But like flora, content can die or live on to create great impressions.  

In choosing content, like your flower selections, there are some fundamental considerations as you plan, design and deliver the product. Some flowers are extremely durable and easily accessible. I personally can’t stand any variety of chrysanthemums – “mums” for short. Their colors are brassy oranges and yellows and their tight blooms are so uniform as to be boring. They last forever and appear to be indestructible. No wonder they are a favorite for commercial real estate landscapers. I will admit to having kicked a few on my way out of a building on a bad day. Ah, but the spider mum is the exception. Its color is less vulgar, its petals quite pointed and distinguishable – but its lifespan is half that of its more pedestrian cousin. My dad always bought a single white spider mum for me when he’d take me to the Thanksgiving Day football game at White Plains High. We sat in the bleachers with his high school buddies; doctors, lawyers, and chiefs of industry now, their temples as white as the flower pinned to my lapel.
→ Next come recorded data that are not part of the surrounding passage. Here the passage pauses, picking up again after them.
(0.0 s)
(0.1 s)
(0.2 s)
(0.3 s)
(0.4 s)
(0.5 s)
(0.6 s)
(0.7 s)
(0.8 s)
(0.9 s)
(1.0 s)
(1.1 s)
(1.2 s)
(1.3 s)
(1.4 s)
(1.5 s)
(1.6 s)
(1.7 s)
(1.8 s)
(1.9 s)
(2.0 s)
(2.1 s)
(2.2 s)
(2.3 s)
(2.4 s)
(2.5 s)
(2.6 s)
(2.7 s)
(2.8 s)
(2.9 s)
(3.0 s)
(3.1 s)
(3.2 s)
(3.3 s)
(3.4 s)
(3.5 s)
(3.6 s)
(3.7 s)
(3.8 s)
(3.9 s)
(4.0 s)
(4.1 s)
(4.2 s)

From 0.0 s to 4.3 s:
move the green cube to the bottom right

But ah, the tradition and the memories that one flower represents still.

Consider this when choosing your flora ingredients.

Marketing content and flowers come at a price. The exotic varieties might require longer cultivation or a worldwide search. The common carnation is a commodity compared to the orchid. But the orchid makes quite a statement. Some have little faces that look exactly like primates and suggest some primordial species cross-over – a curation of epic proportions.  Content, like flowers come in all shapes, colors, sizes and textures. Do you go with a huge display of red roses – with an accepted and easily understood message, or take a chance on that single apricot rose set against an ancient gnarled vine of sea grape that will define you, once you define it? The precious, exotic hybrids convey you’re unique. They have stopping power in the crowded shop. Head-turners, but pricey and perishable. Many flowers are seasonal and certainly vary in value based on geography. The hibiscus is a hedge in the Caribbean and a pampered house plant in a New York penthouse.

And then there are weeds…

On-line search terms are the weeds of content marketing – easily seen, literally everywhere, constantly proliferating – even sprouting from brick and mortar where no one would think they could find nourishment.  But when your gardening is time-constrained, and grass is the enemy, you might selectively weed, leaving the great sprawling comfrey and powerful burdock as ground cover. Some content creates the backdrop for more showy and colorful specimens.

…and seeds

If you’re lost in the analogy, just remember this. Great marketing content is a renewable asset. Create it with care. Nurture it. Spread it around like Johnny Appleseed with a good cause as your guide. Be ready to trim it back or replant each season. Choose the focal point of your arrangements commensurate with the statement you’re trying to make. Be brave, but behave. Some plants are carnivorous and some cause a nasty rash.

As my colleague and avid blogger, Jake Sorofman will tell you on this subject, “You can’t fake passion”. He says content marketers, “have an insatiable curiosity and a relentless pursuit for excellence in the craft”. And just like my mom made an impression for all to enjoy, content marketers have an interest in leaving a mark on the otherwise barren landscape of their marketplace.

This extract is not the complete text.